While this approach would solve the immediate issue of thousands of requests from a single IP, I want to take it a step further. My goal is to apply rate limits based on the user’s subscription plan. For instance,

  • Free plan users get 100 requests/minute.
  • Starter plan users get 3000 requests/minute.
  • and so on.

This means our rate limiting mechanism needs to be aware of the user’s current subscription plan, which can only be determined once the request reaches one of the application instances.

Since the app instances are stateless, they would utilize redis to kepp track of the requests count per user.

Algorithm Overview

There are various rate limiting algorithms out there, each with its own strengths and suited for specific problems. I opted for the Sliding Window Log algorithm. While there are plenty of excellent write-ups available online, I’d like to explain it in my own way.

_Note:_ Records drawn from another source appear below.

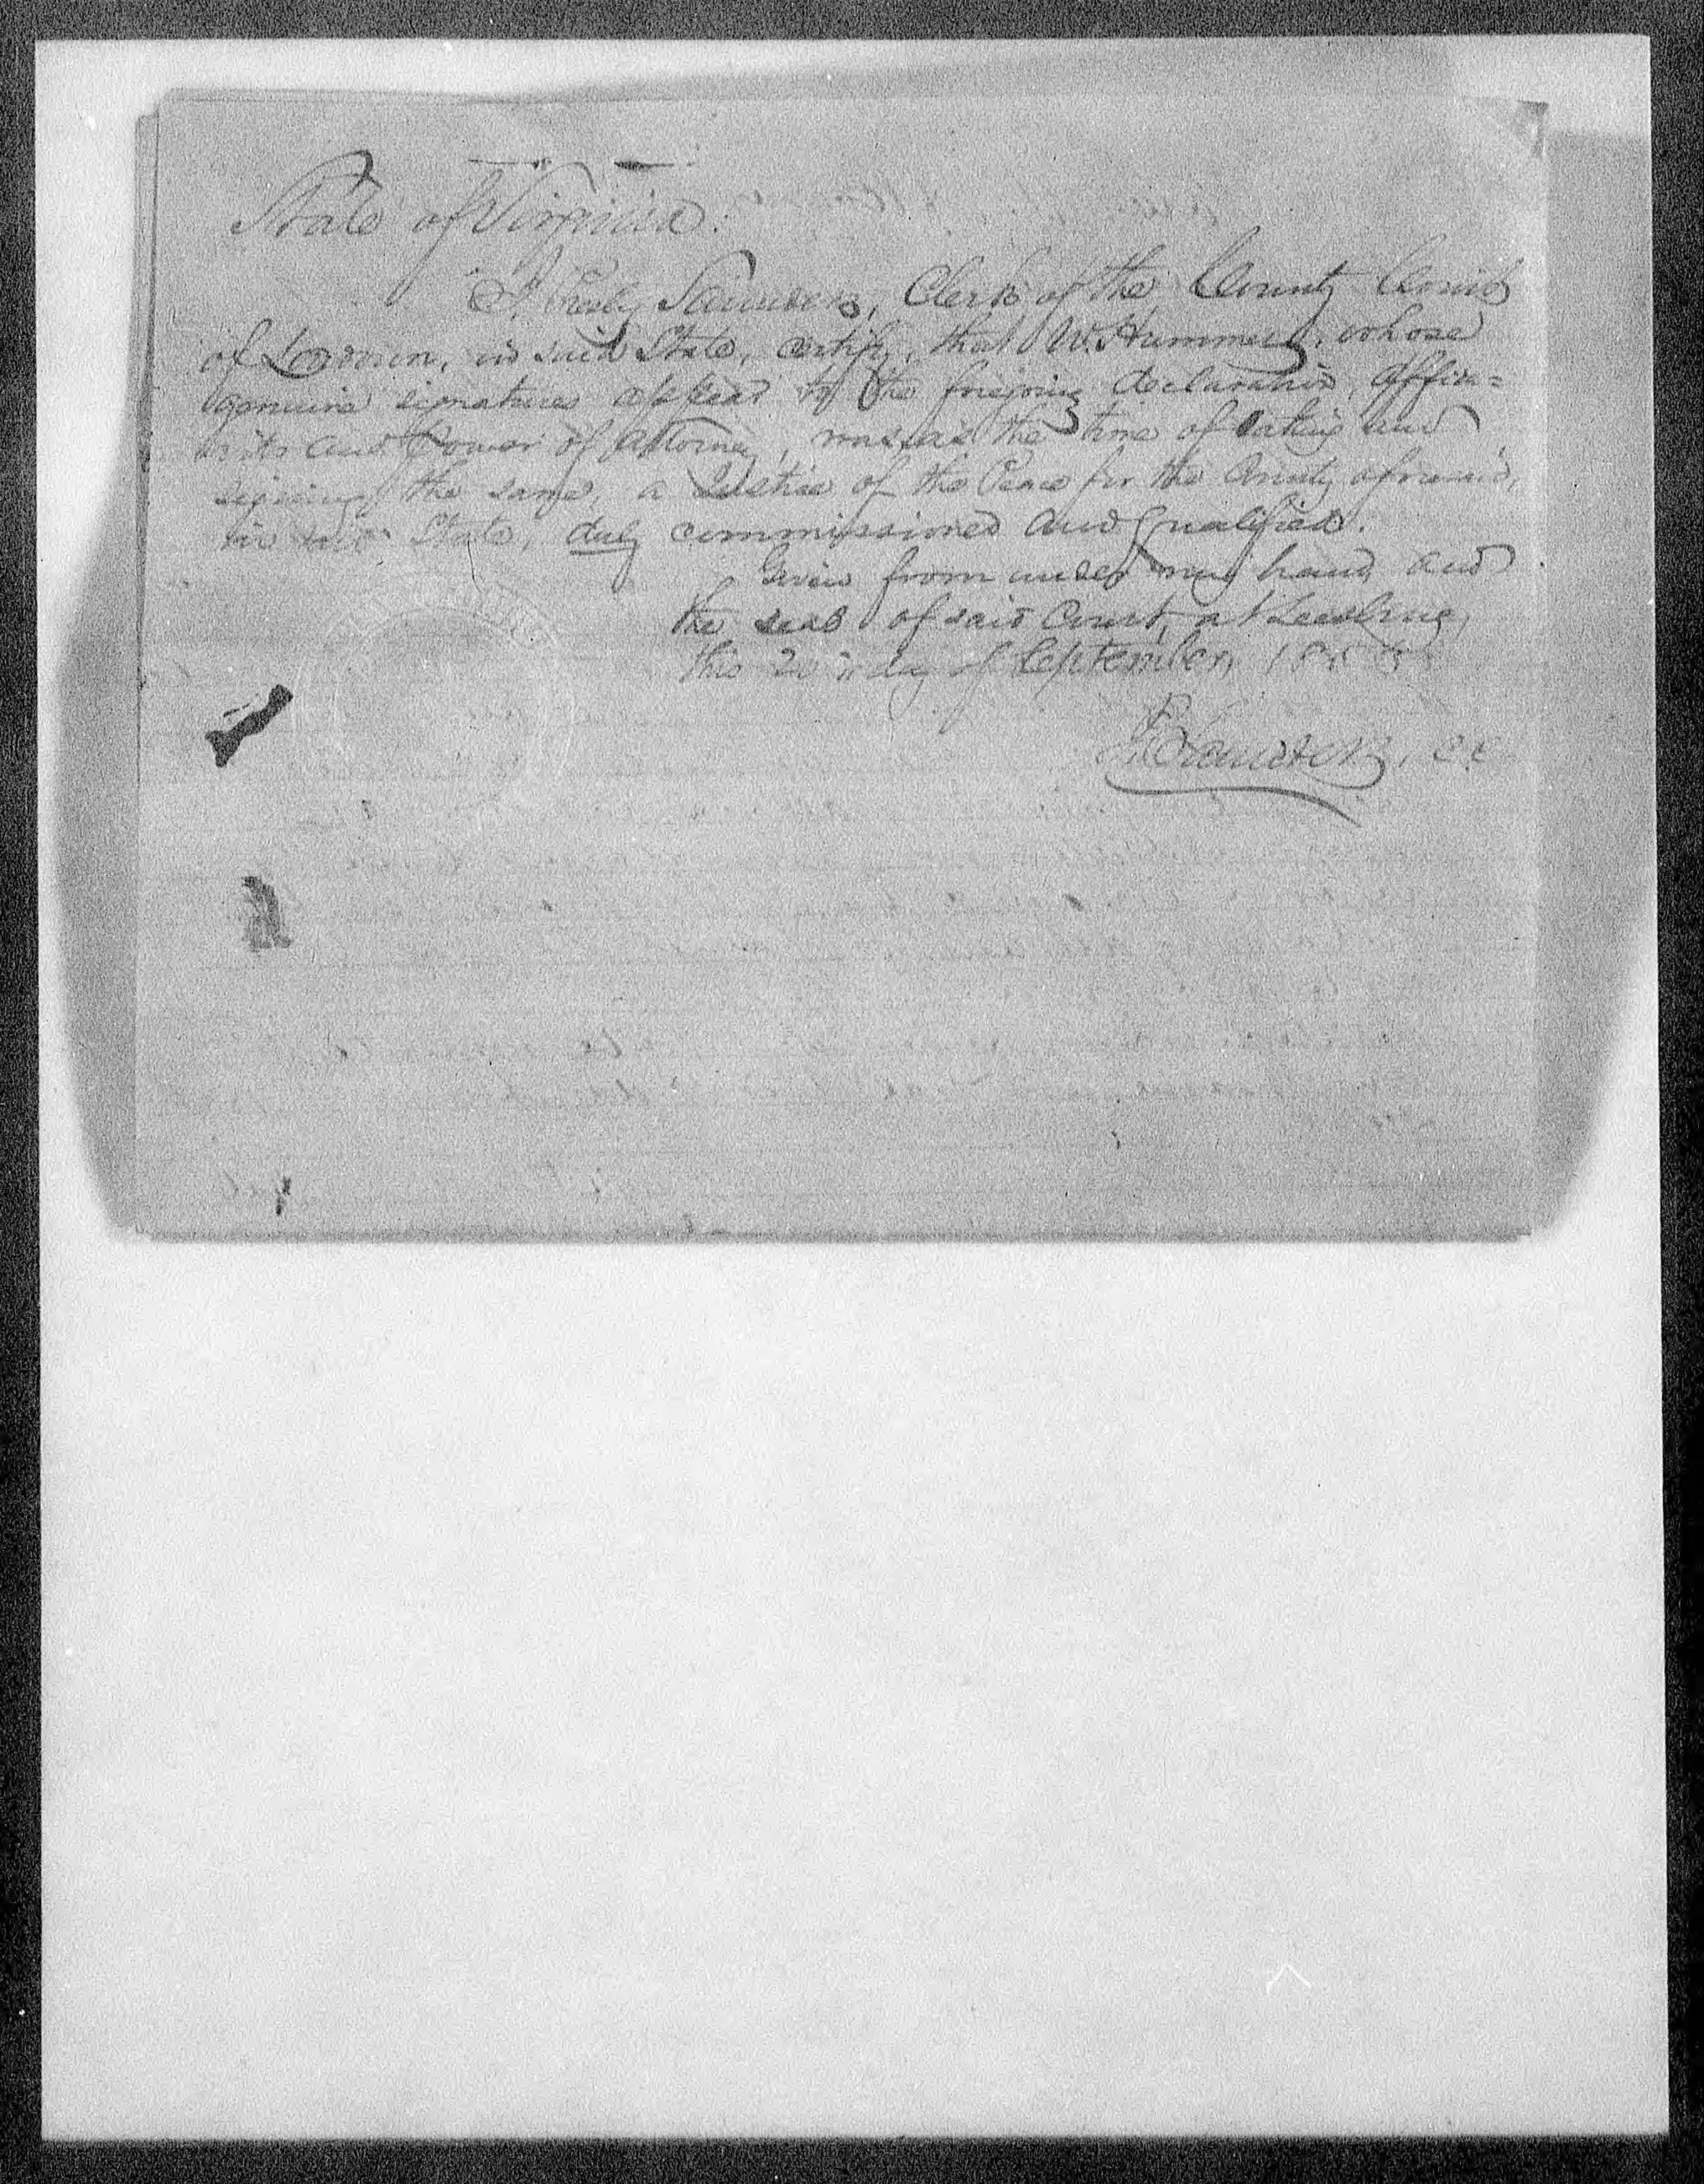State of Virginia
I Presly Saunders, Clerk of the County Court of Loudoun, in said State, certify that W. Hummer, whose genuine signatures appear in the foregoing declaration, affirm[?] [illegible] power of attorney, was at the time of taking and requiring the same, a Justice of the Peace for the county aforesaid, in said State, duly commissioned and qualified.
Given from under my hand and the seal of said Court, at Leesburg, this 2d day of September 1853
P. Saunders, C.C.

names: M Hummer; Presly Saunders
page: 14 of 39
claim: widow's
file: W 6292, for William Jones, Maryland

Basically the algorithm works as follows:

  • We start by defining a window of interest for tracking to requests. This window is typically defined by a specific time frame, in our case it’s 1 minute.
  • For each user, a log of request timestamps is maintained.
  • When a new request arrives, any timestamps in the log that are outside the current window of interest are removed.
  • After clearing outdated timestamps, the new request’s timestamp is appended to the log.
  • We then check the size of the log. If the number of timestamps in the log exceeds the predefined limit (e.g., the maximum number of requests allowed in the time frame), the request is denied.

Algorithm Implementation

Now, to make sure our rate limiting works properly across all our app instances, we need to handle it atomically. Our app instances are stateless, so if two requests from the same user hit different instances at the same time, we want both requests to count towards the rate limit. Otherwise, things get messy and inaccurate.

This is where I find Lua scripts in Redis to be very handy. Sure, Redis transactions could do the job too, but in my experience, they can get pretty complicated fast. Lua scripts keep things neat and tidy, and the entire algorithm logic up in one place.

Here’s the Lua script I am using for rate limiting:

local key = KEYS[1]
local limit = tonumber(ARGV[1])
local windowSize = tonumber(ARGV[2])
local currentTime = tonumber(ARGV[3])

-- Remove all timestamps outside our window of interest
redis.call('ZREMRANGEBYSCORE', key, '-inf', '(' .. currentTime - windowSize)

-- Get the current count from the sorted set
local currentCount = redis.call('ZCARD', key)

if currentCount >= limit then
    return currentCount
end

redis.call('ZADD', key, currentTime, currentTime)
return currentCount

The script is pretty self-explanatory. But still let me break this down into a few key points:

  • We could get the currentTime from Redis, but passing it in makes writing tests easier.
  • if currentCount >= limit then - While in the algorithm overview written above, I mentioned adding the request to the log first and then checking the count, in my actual implementation, I check the count before adding the request. This is because I want only successful requests to count towards the rate limit, not just any API invocation. Users can hit the API thousands of times, but the app will only serve data for the number of requests that their subscription plan allows.

Implementation

Now, let’s dive into the application code that ties everything together.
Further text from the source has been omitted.